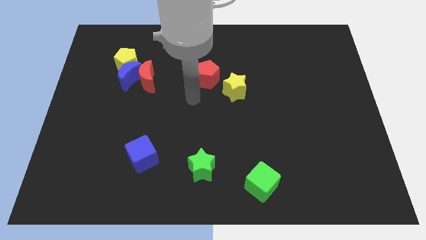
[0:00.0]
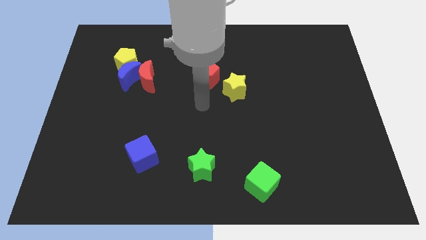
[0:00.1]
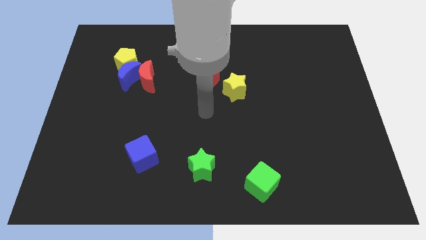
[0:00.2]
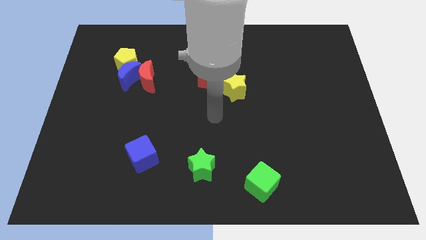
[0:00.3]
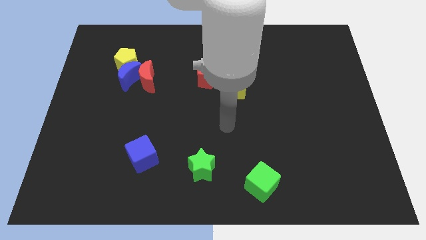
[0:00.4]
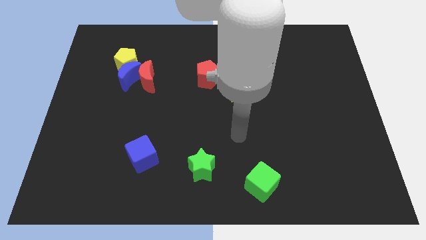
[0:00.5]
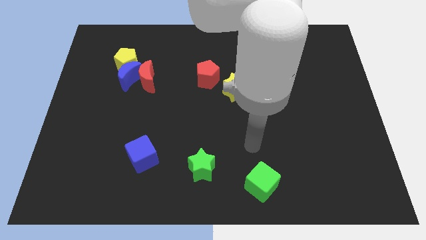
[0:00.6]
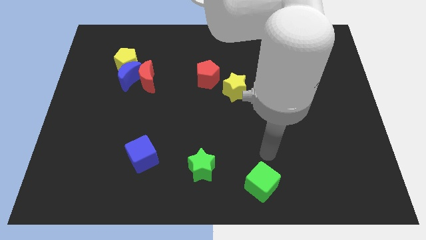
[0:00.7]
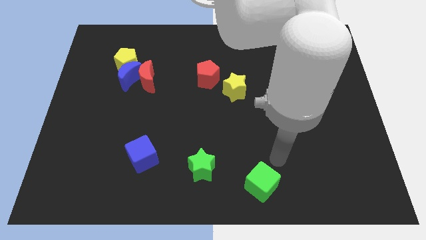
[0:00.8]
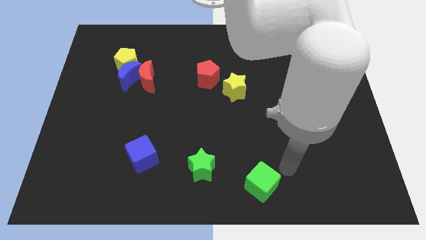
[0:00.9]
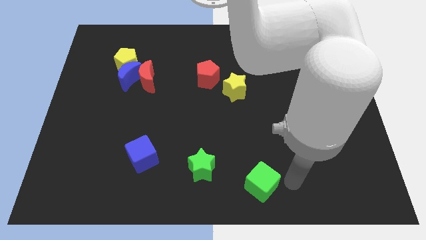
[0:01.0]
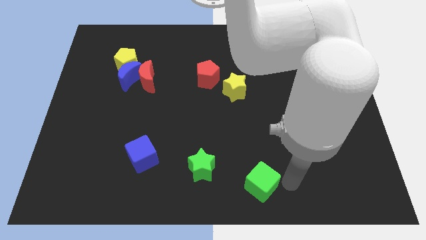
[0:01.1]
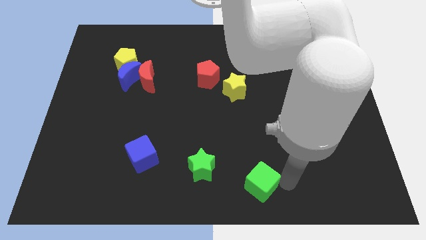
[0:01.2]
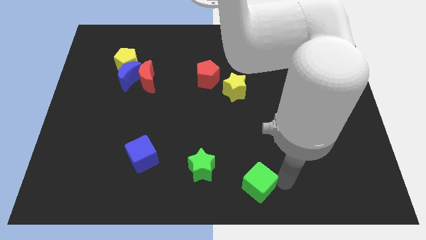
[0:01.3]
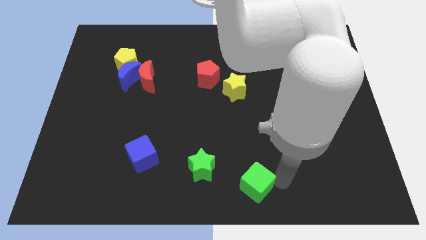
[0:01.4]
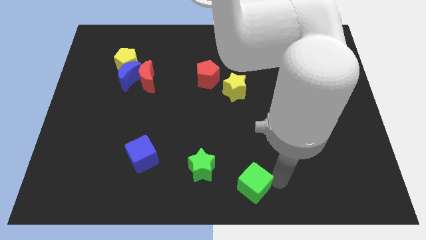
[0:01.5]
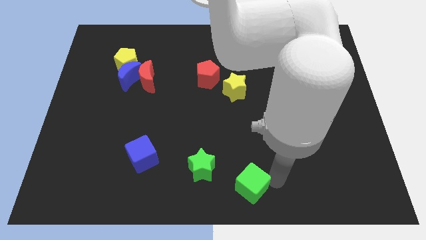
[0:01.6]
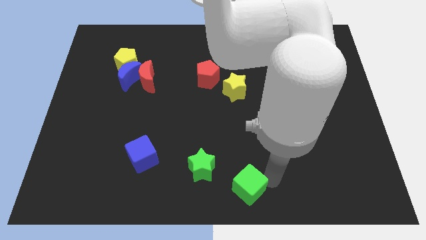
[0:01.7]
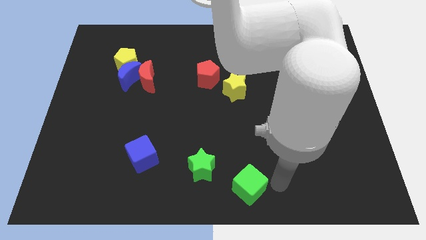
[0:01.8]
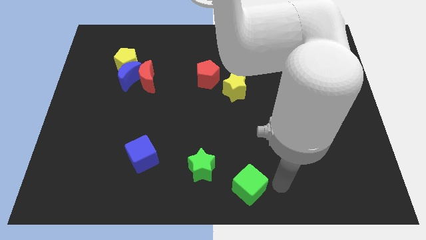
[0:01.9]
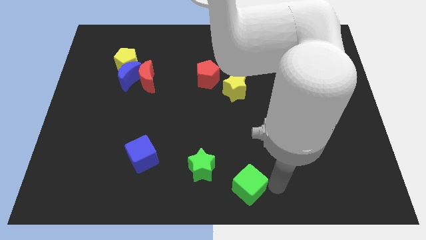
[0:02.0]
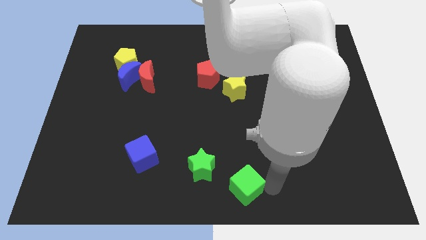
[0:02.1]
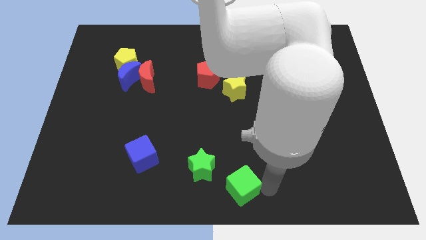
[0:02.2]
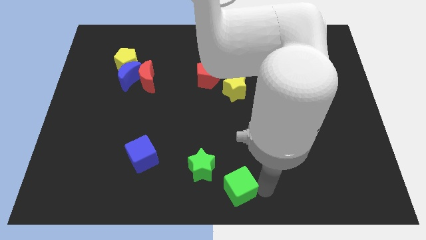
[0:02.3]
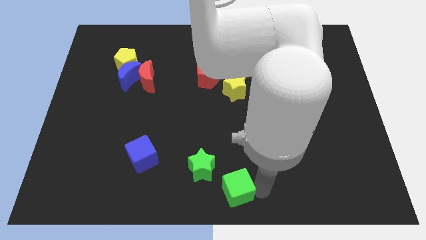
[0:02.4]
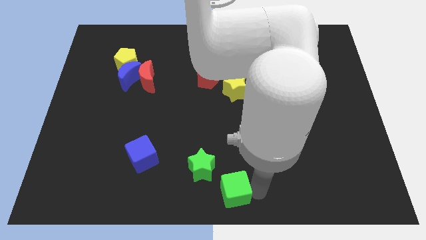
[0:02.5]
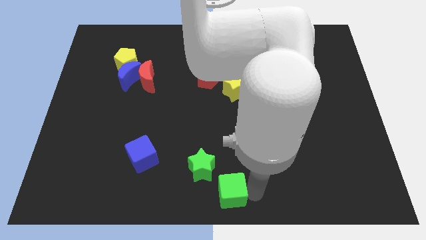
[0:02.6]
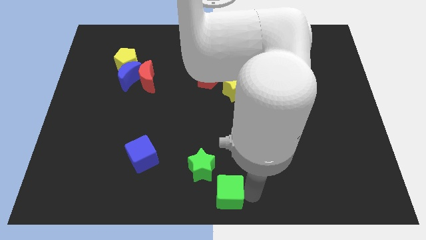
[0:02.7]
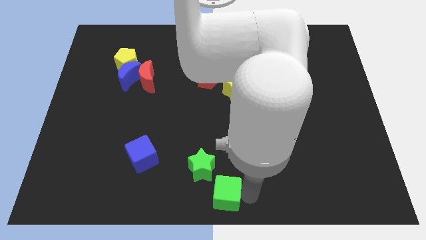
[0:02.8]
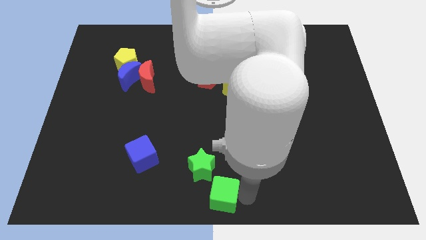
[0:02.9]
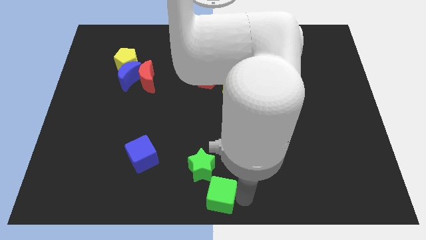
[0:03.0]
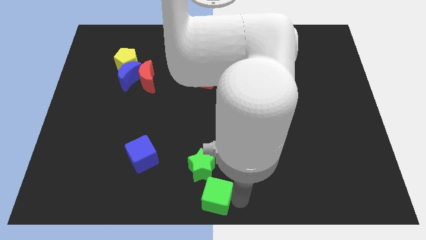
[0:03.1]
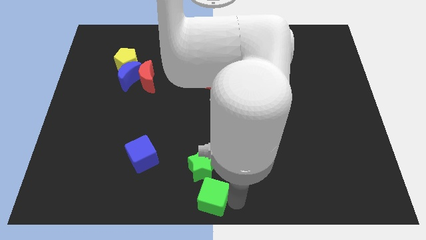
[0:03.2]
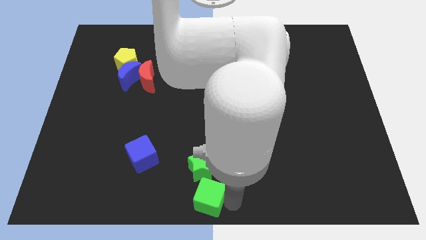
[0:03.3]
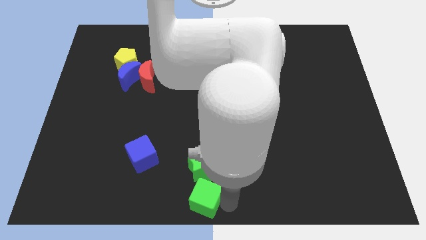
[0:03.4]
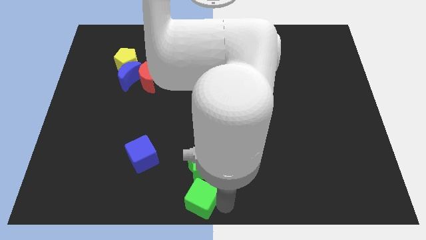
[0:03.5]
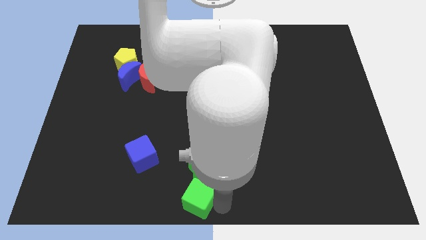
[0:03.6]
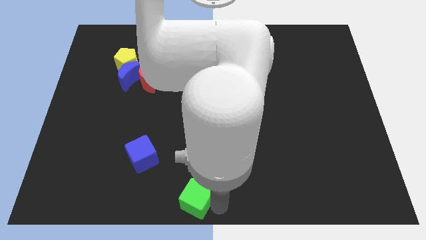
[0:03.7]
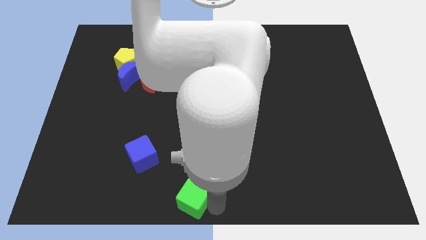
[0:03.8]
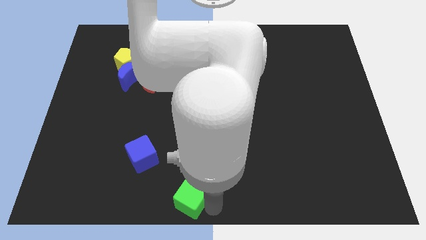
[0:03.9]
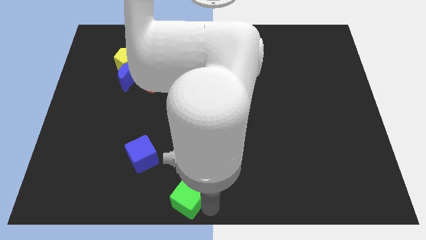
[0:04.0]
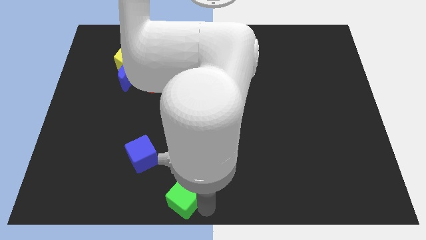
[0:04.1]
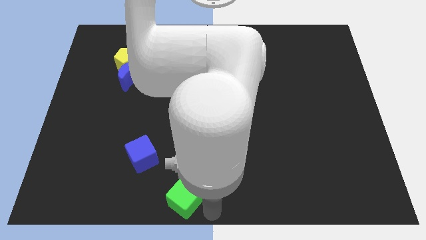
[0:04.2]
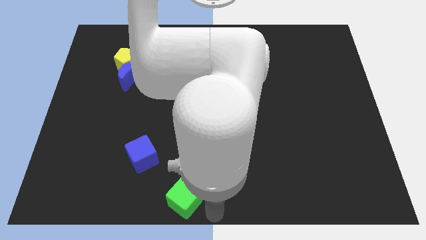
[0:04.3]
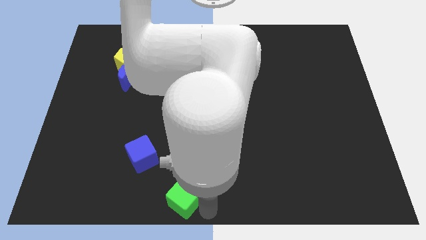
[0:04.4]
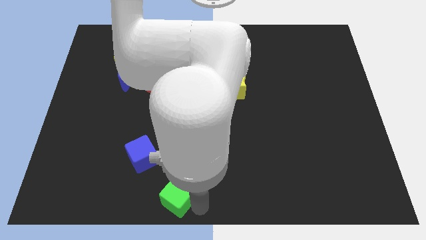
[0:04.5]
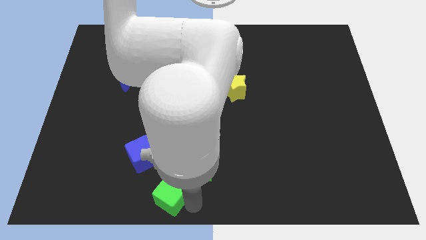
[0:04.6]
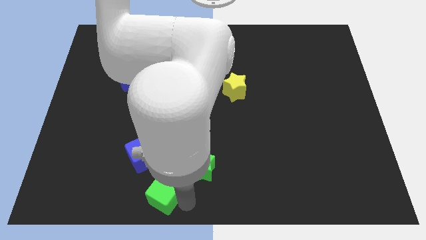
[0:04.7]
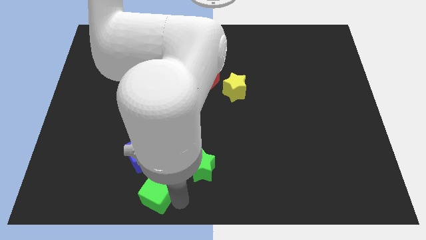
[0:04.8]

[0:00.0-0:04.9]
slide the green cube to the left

* * * * *

Transcribe each of the records above precisely, with no pictures in the copy.

[0:00.0]
[0:00.1]
[0:00.2]
[0:00.3]
[0:00.4]
[0:00.5]
[0:00.6]
[0:00.7]
[0:00.8]
[0:00.9]
[0:01.0]
[0:01.1]
[0:01.2]
[0:01.3]
[0:01.4]
[0:01.5]
[0:01.6]
[0:01.7]
[0:01.8]
[0:01.9]
[0:02.0]
[0:02.1]
[0:02.2]
[0:02.3]
[0:02.4]
[0:02.5]
[0:02.6]
[0:02.7]
[0:02.8]
[0:02.9]
[0:03.0]
[0:03.1]
[0:03.2]
[0:03.3]
[0:03.4]
[0:03.5]
[0:03.6]
[0:03.7]
[0:03.8]
[0:03.9]
[0:04.0]
[0:04.1]
[0:04.2]
[0:04.3]
[0:04.4]
[0:04.5]
[0:04.6]
[0:04.7]
[0:04.8]

[0:00.0-0:04.9]
slide the green cube to the left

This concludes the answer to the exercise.